The CSIRO is fitting bees with tiny sensors so that it can monitor and study the drastically diminishing population of bees.
The global bee population has been in serious decline for some years -- so much so that it has a name, and scientists are dedicating serious research projects to trying to figure out why. There are a number of proposed causes for Colony Collapse Disorder, whereby worker bees suddenly vanish from a colony -- chiefly pesticide use, parasites, malnutrition and disease -- and, although it's strongly theorised that a combination of these factors is at play, no one really knows for sure.
Scientists at the CSIRO are trying a novel approach to understanding the phenomenon. Just like geolocation tags can now be applied to pets, CSIRO's team, led by Dr Paulo de Souza, is attaching tiny sensors to the backs of bees to monitor where they go.

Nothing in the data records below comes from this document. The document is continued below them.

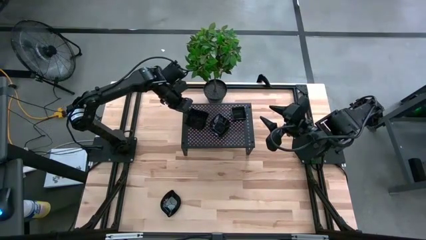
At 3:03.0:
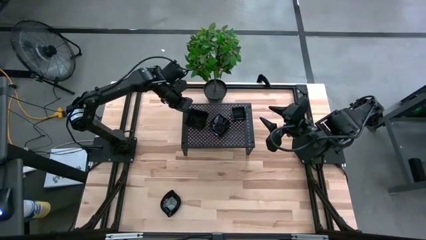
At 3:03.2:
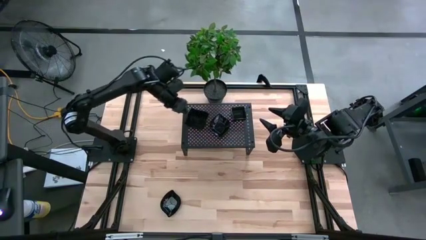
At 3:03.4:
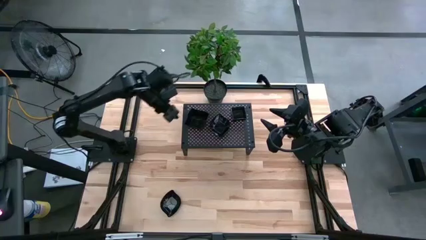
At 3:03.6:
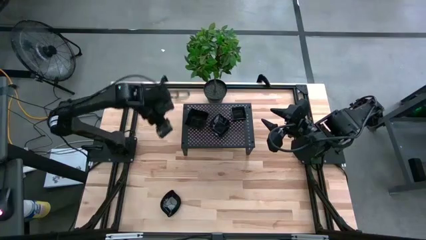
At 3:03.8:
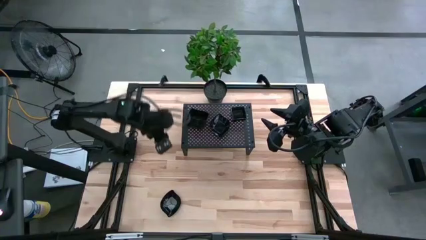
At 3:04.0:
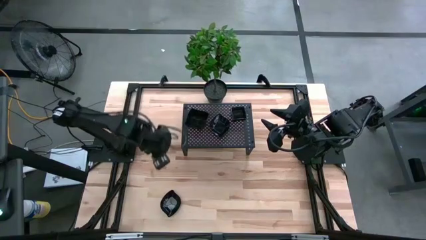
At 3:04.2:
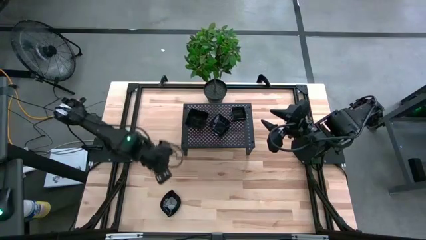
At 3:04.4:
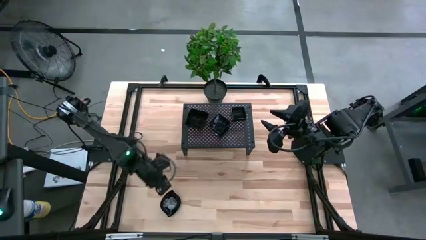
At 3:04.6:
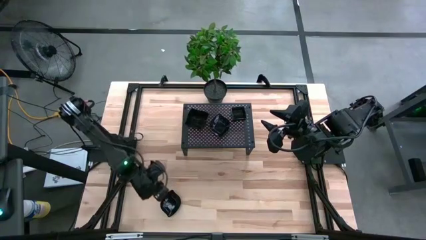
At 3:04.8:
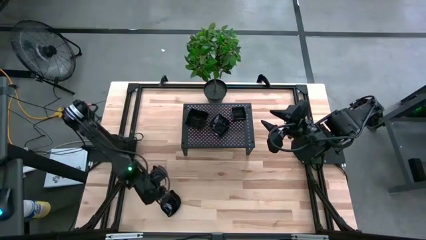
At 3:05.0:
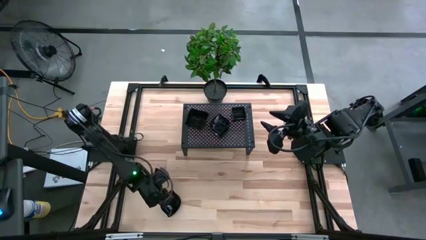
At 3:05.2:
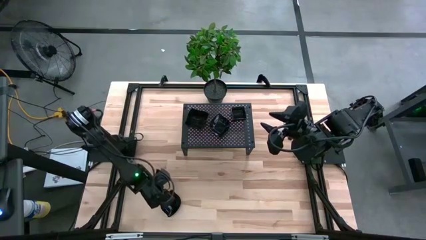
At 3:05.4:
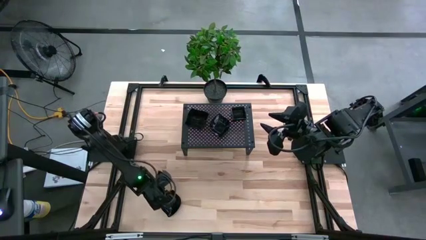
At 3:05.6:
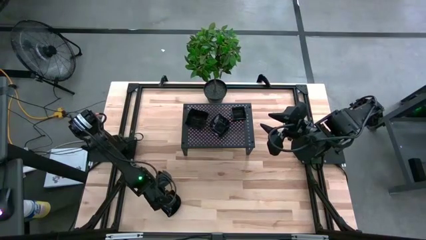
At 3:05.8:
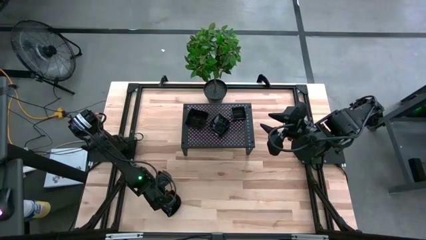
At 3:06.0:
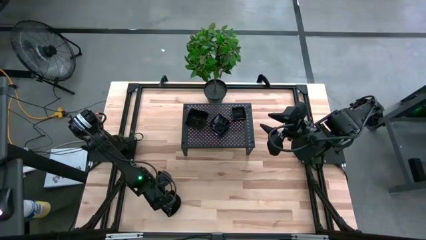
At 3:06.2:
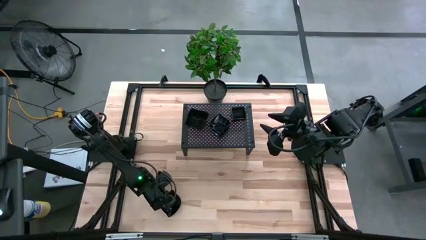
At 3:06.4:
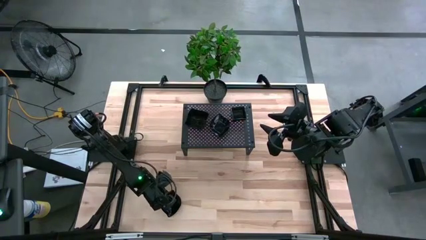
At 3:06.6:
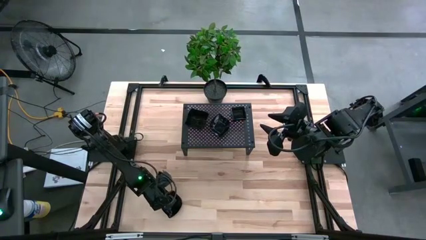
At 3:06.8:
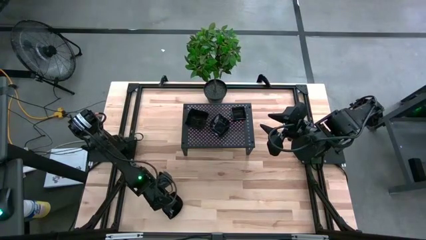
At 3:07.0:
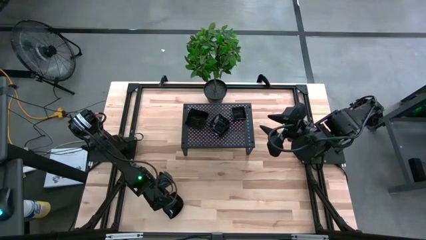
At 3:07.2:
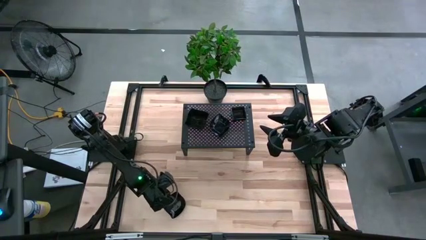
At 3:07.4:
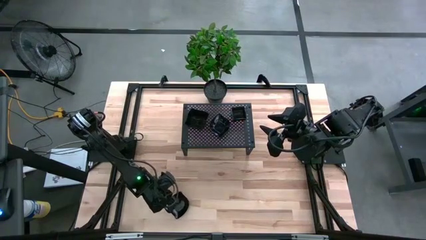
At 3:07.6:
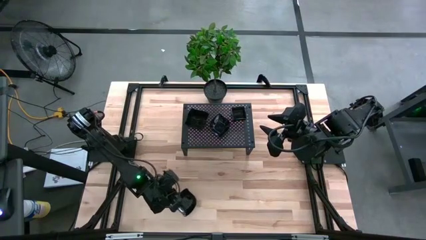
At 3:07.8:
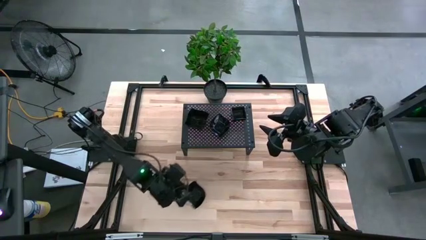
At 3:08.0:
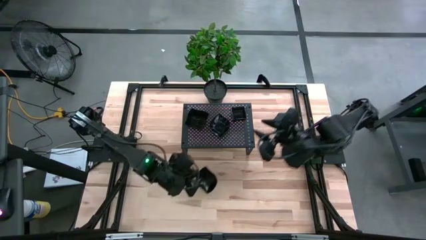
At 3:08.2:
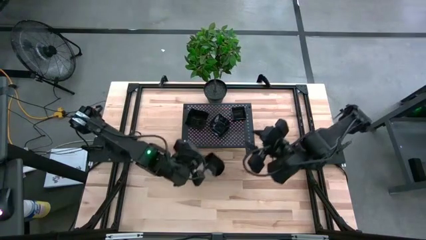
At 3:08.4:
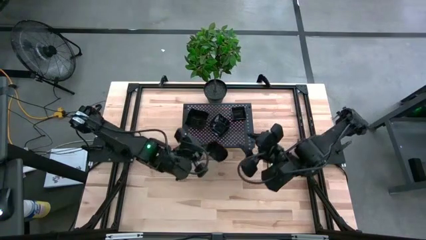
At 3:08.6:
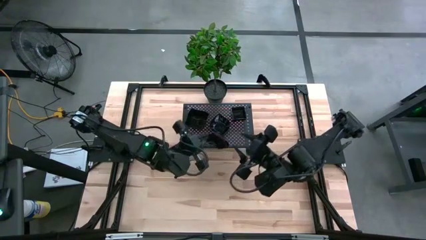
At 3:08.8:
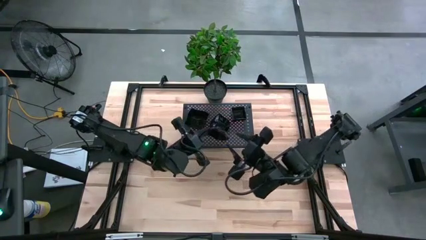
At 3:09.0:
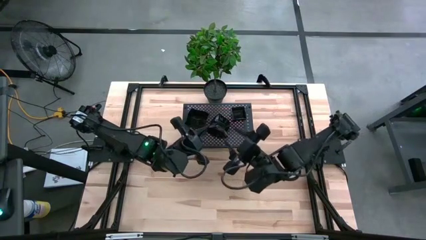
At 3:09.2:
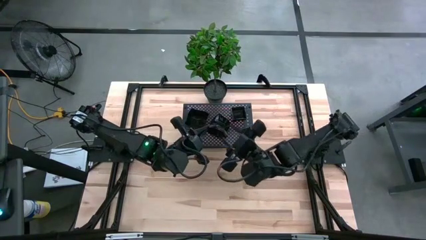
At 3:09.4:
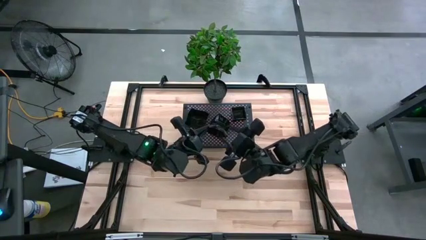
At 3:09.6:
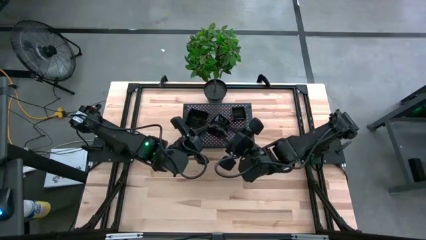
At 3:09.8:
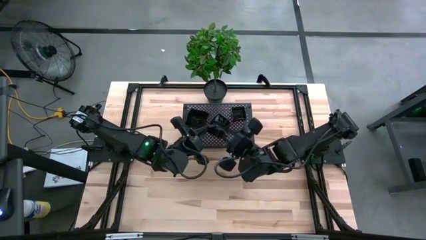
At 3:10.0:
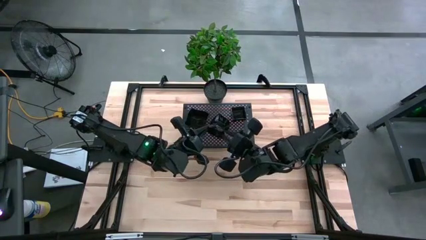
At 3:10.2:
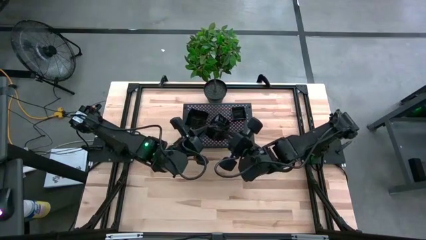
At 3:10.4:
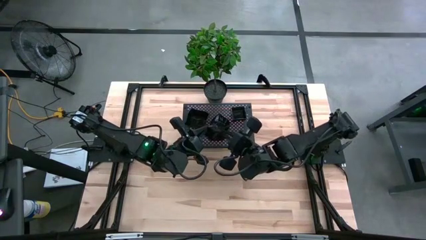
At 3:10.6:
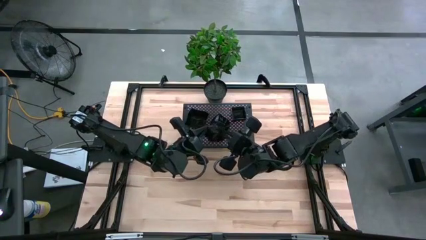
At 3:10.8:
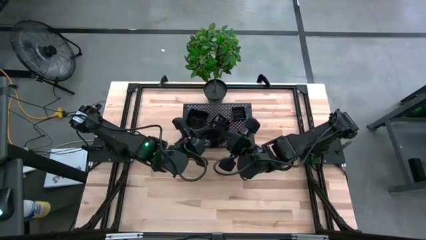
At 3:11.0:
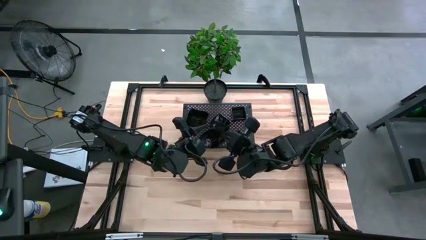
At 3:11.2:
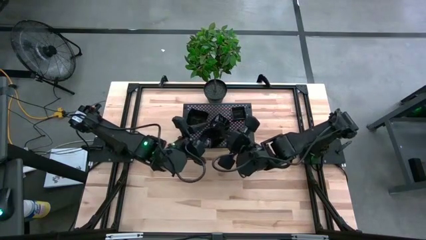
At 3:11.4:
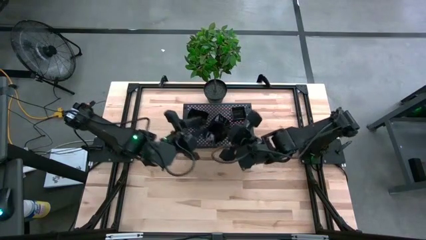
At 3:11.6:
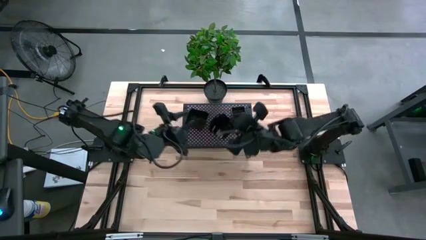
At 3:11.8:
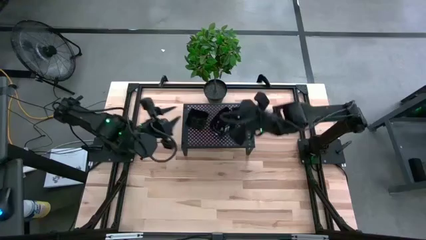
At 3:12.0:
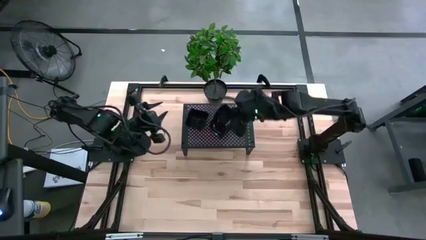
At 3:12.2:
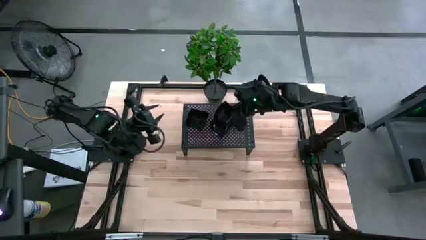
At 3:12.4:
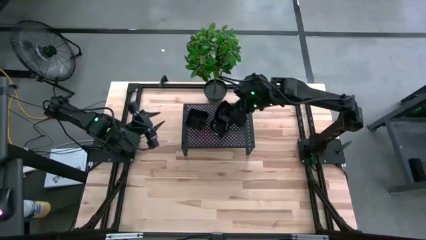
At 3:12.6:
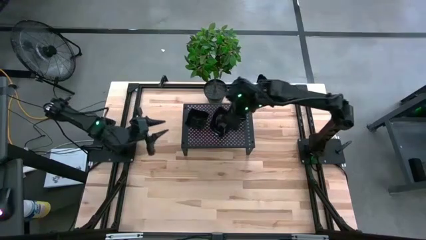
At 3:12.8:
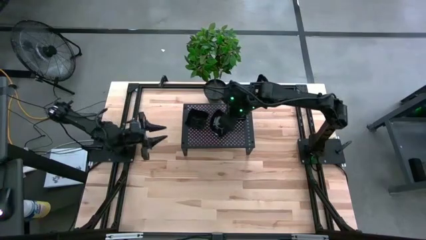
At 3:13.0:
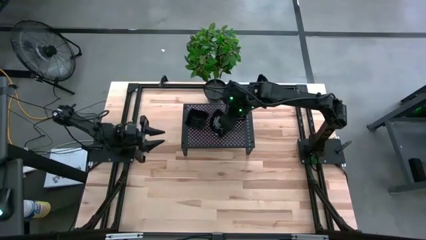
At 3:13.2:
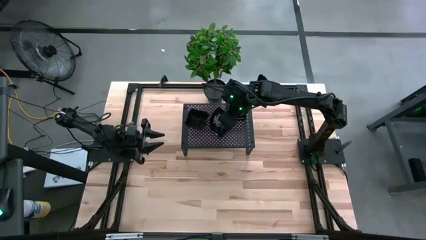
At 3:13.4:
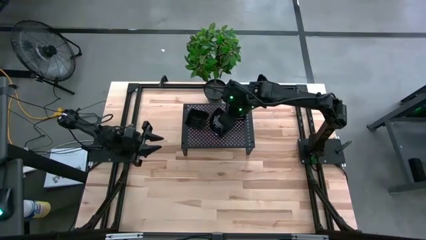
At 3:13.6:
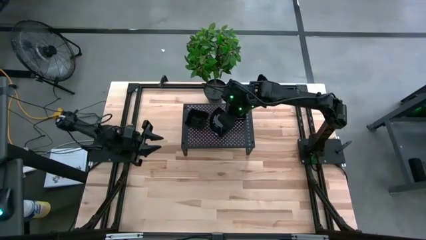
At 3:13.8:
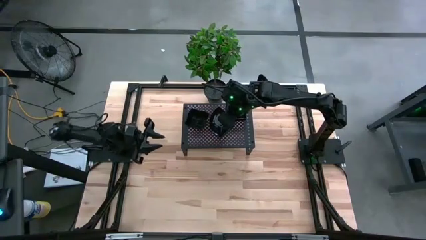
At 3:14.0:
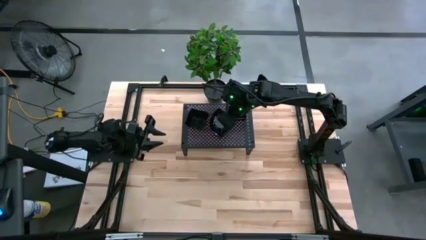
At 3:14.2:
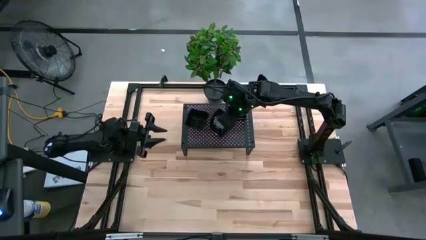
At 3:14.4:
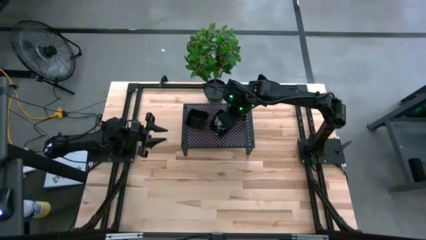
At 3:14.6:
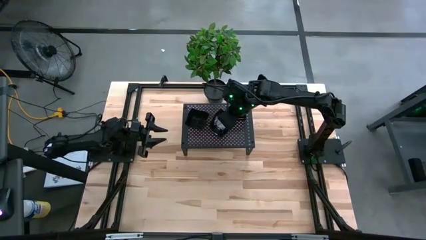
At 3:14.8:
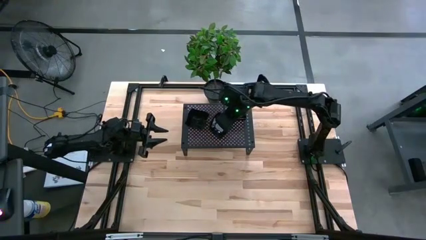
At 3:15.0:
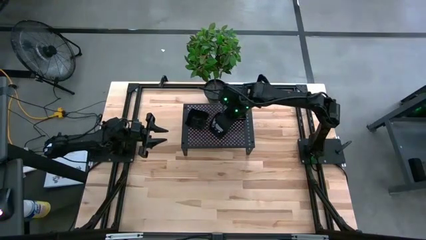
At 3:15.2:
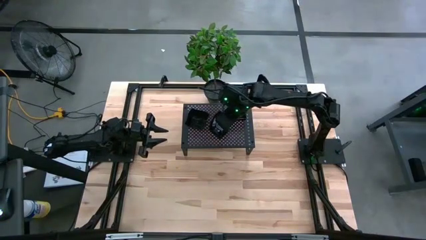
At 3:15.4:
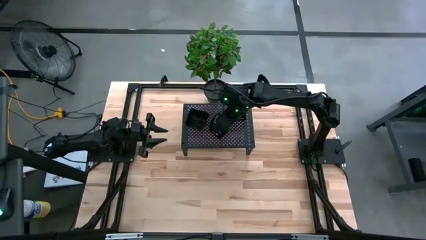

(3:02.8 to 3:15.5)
Task: Pick & Place Mini shaped plates
Stack the black leaf-shaped plate on top of the other black leaf-shaped plates on the shelf

"Honey bees play an extremely important role in our daily lives," Dr de Souza said. "Around one third of the food we eat relies on pollination and this is a free service these insects provide. A recent CSIRO study showed that honey bees helped increase faba bean yield by up to 17 per cent. Knowing how bees interact with their environment will allow farmers, fruit growers and seed producers to manage their properties using honey bees to increase productivity."

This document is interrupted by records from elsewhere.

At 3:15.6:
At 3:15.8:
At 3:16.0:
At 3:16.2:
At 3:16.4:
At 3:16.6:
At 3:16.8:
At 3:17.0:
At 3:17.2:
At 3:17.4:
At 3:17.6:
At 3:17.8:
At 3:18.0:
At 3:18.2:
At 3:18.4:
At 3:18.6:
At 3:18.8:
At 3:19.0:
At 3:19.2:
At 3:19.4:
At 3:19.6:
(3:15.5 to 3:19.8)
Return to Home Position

Over 5000 bees in Hobart have been fitted with the 2.5x2.5mm RFID sensors, designed to relay data to recorders placed around hives and known food sources, which in turn will send the information to a central location. This will allow researchers to build a four-dimensional model of bee behaviour and their movements, which will help understand what the bees come into contact with -- such as farm pesticides -- and how it may play a part in their decline.
"Bees are social insects that return to the same point and operate on a very predictable schedule," explained Dr de Souza. "Any change in their behaviour indicates a change in their environment. If we can model their movements, we'll be able to recognise very quickly when their activity shows variation and identify the cause. This will help us understand how to maximise their productivity as well as monitor for any biosecurity risks."
The next step in the process will be to refine the sensors, adding further functions and reducing them in size so that they can be attached to smaller insects such as fruit flies and mosquitoes for a more holistic study of insect behaviour.
"We also want these smaller tags to be able to sense environmental conditions such as temperature and presence of atmospheric gases; not just track their location," Dr de Souza said. "Further to this the sensors will be able to generate energy from the beating wings of the insects, which will give the sensors enough power to transmit information instead of just storing it until they reach a data logger."